__What you are asked to do__.
Whenever a line below holds the word "shows", copy that line.
┌──
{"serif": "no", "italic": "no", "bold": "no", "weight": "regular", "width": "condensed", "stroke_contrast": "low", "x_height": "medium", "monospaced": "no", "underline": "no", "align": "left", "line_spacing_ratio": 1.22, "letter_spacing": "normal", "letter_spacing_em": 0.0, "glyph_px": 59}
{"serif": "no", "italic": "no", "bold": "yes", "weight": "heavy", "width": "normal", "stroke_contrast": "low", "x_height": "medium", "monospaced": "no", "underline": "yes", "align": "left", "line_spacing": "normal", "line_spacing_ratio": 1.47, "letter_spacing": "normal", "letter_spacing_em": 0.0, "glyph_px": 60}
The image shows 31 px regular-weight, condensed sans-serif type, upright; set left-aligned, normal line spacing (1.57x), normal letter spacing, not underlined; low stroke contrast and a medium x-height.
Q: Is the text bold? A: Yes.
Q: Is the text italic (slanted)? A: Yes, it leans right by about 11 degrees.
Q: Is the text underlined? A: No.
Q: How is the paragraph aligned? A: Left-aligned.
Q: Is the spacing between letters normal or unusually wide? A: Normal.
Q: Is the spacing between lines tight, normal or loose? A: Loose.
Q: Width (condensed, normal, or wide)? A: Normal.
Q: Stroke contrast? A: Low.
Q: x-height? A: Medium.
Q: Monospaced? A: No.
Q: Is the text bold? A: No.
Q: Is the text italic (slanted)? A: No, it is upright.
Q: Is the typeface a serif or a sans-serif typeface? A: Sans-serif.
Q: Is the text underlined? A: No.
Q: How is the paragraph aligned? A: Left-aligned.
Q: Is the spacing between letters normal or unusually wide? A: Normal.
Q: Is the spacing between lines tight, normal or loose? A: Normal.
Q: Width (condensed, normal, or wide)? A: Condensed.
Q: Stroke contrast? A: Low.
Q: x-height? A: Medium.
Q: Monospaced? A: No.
└──
┌──
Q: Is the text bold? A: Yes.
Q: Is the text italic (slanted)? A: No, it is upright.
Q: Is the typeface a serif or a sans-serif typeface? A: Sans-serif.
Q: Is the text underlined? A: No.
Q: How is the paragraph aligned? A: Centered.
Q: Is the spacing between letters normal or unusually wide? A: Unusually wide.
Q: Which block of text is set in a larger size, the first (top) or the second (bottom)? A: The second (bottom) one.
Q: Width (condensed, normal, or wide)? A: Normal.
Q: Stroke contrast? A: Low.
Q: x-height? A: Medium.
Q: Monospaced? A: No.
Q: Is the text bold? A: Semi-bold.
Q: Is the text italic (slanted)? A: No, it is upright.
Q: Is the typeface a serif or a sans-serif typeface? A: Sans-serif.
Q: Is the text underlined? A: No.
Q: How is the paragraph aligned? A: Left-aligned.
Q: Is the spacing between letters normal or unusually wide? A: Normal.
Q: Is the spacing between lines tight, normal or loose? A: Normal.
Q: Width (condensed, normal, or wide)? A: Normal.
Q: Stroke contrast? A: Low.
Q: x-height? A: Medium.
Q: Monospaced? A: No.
└──
┌──
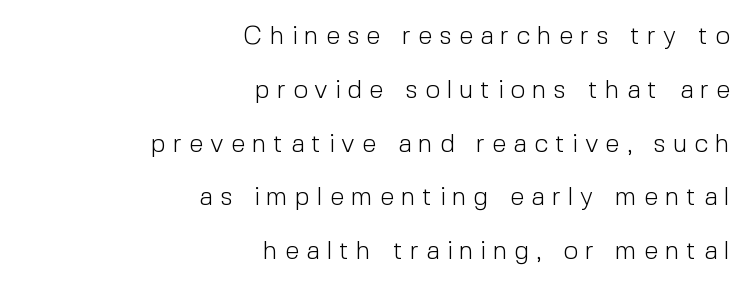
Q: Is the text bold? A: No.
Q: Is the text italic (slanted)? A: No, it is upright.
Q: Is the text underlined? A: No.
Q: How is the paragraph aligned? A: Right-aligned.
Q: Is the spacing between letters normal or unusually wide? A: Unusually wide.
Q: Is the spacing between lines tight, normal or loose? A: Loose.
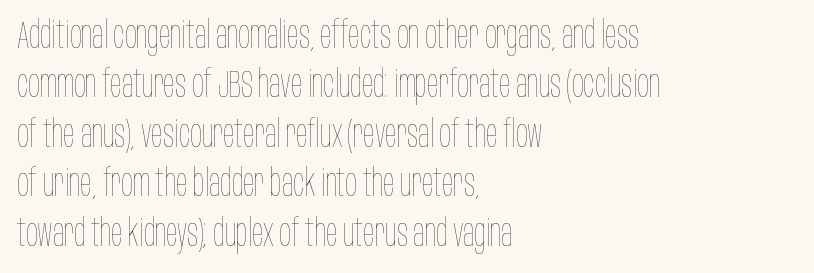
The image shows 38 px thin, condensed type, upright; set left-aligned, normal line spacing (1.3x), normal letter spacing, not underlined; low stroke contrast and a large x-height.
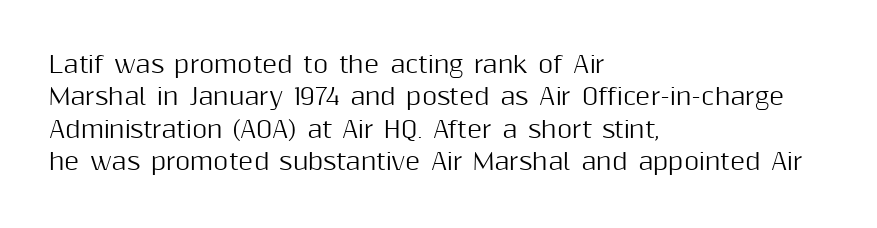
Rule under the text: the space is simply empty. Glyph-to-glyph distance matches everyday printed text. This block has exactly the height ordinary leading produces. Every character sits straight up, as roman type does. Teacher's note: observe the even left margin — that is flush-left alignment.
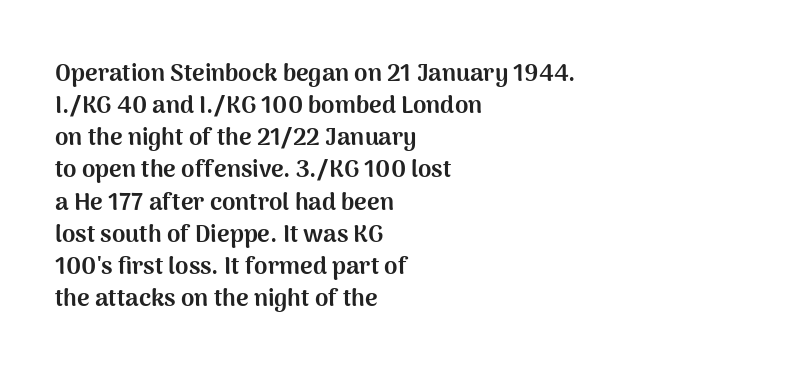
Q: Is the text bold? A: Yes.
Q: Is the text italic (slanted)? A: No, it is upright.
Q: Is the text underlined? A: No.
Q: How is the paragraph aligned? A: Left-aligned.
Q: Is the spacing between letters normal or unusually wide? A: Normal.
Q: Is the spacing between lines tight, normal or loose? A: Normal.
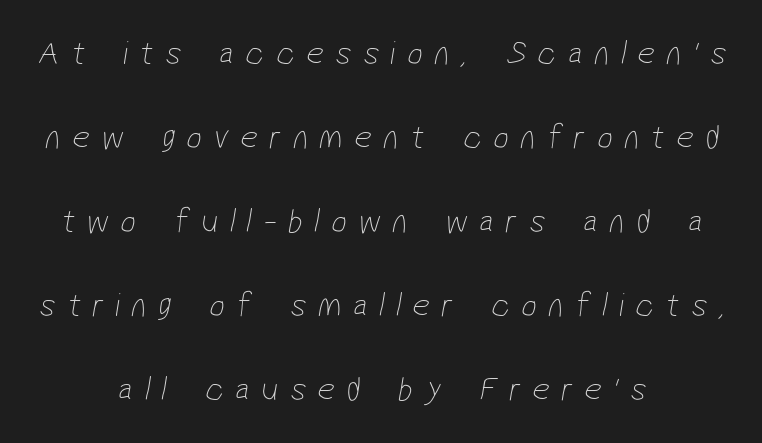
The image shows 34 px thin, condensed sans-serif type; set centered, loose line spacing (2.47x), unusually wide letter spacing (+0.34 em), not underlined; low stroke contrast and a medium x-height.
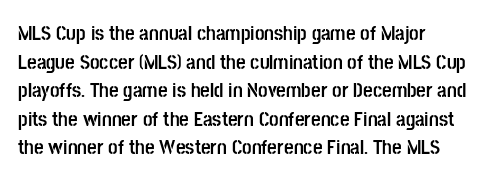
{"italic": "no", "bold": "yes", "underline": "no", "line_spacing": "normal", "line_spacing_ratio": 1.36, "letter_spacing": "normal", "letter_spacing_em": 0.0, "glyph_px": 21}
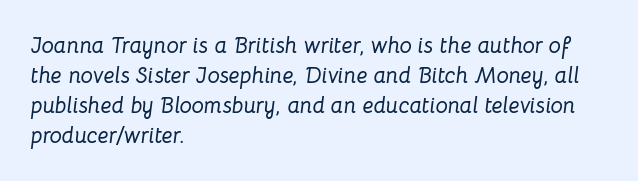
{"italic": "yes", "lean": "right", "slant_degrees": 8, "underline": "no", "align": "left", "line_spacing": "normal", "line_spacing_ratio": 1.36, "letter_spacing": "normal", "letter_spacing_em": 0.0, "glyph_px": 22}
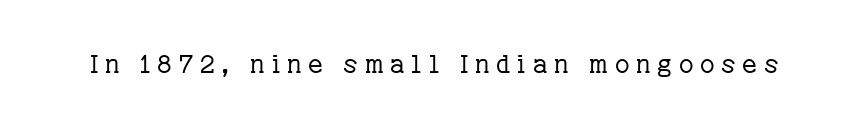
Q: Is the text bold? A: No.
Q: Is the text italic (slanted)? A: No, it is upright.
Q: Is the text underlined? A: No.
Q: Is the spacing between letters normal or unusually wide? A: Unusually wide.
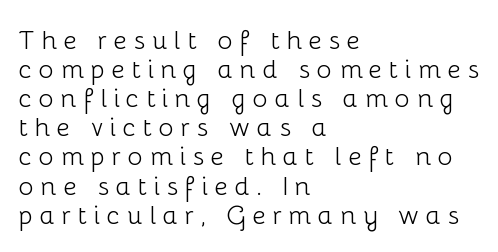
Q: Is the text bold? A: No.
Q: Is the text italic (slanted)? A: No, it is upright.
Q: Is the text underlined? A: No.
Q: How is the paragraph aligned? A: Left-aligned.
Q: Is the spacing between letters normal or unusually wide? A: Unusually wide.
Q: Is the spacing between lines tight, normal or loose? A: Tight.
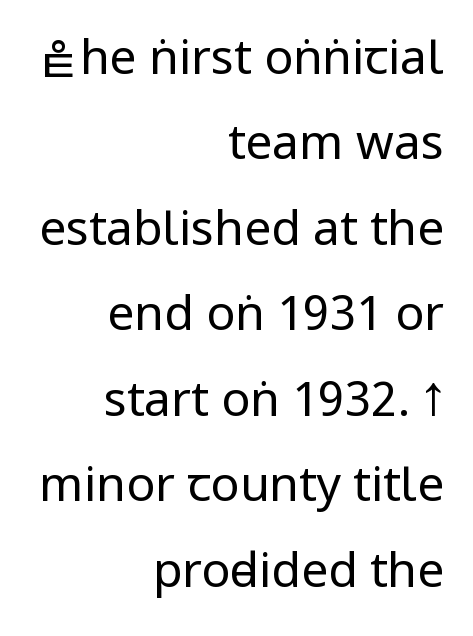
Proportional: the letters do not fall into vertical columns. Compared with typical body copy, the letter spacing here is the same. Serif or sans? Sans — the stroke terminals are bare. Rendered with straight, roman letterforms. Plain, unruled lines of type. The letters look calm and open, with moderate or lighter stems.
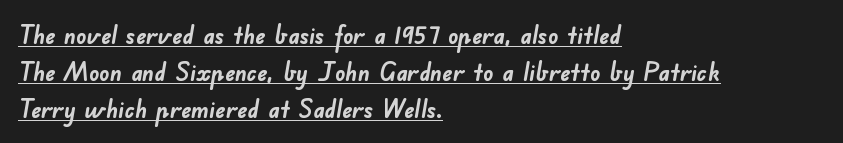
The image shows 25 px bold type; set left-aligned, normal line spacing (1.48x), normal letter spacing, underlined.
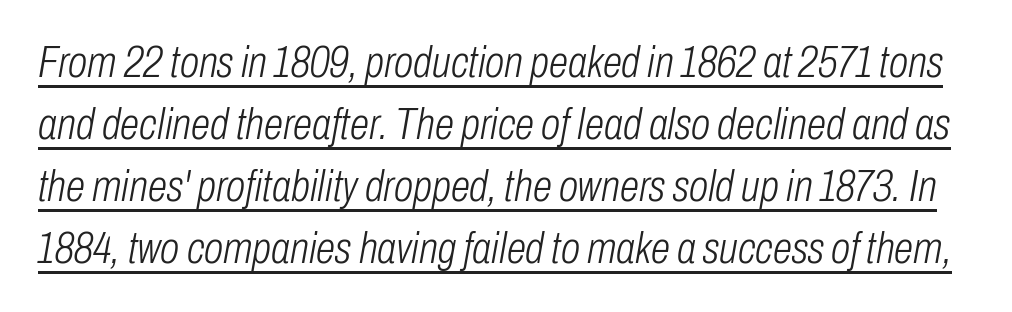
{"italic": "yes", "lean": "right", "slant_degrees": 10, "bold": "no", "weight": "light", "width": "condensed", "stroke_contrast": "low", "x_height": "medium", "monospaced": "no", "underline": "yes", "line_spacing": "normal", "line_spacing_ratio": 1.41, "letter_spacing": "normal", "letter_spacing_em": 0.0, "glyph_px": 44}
└──
__Task answer__.
The image shows 31 px regular-weight, condensed sans-serif type, upright; set left-aligned, normal line spacing (1.57x), normal letter spacing, not underlined; low stroke contrast and a medium x-height.
The image shows 38 px thin, condensed type, upright; set left-aligned, normal line spacing (1.3x), normal letter spacing, not underlined; low stroke contrast and a large x-height.
The image shows 34 px thin, condensed sans-serif type; set centered, loose line spacing (2.47x), unusually wide letter spacing (+0.34 em), not underlined; low stroke contrast and a medium x-height.
The image shows 25 px bold type; set left-aligned, normal line spacing (1.48x), normal letter spacing, underlined.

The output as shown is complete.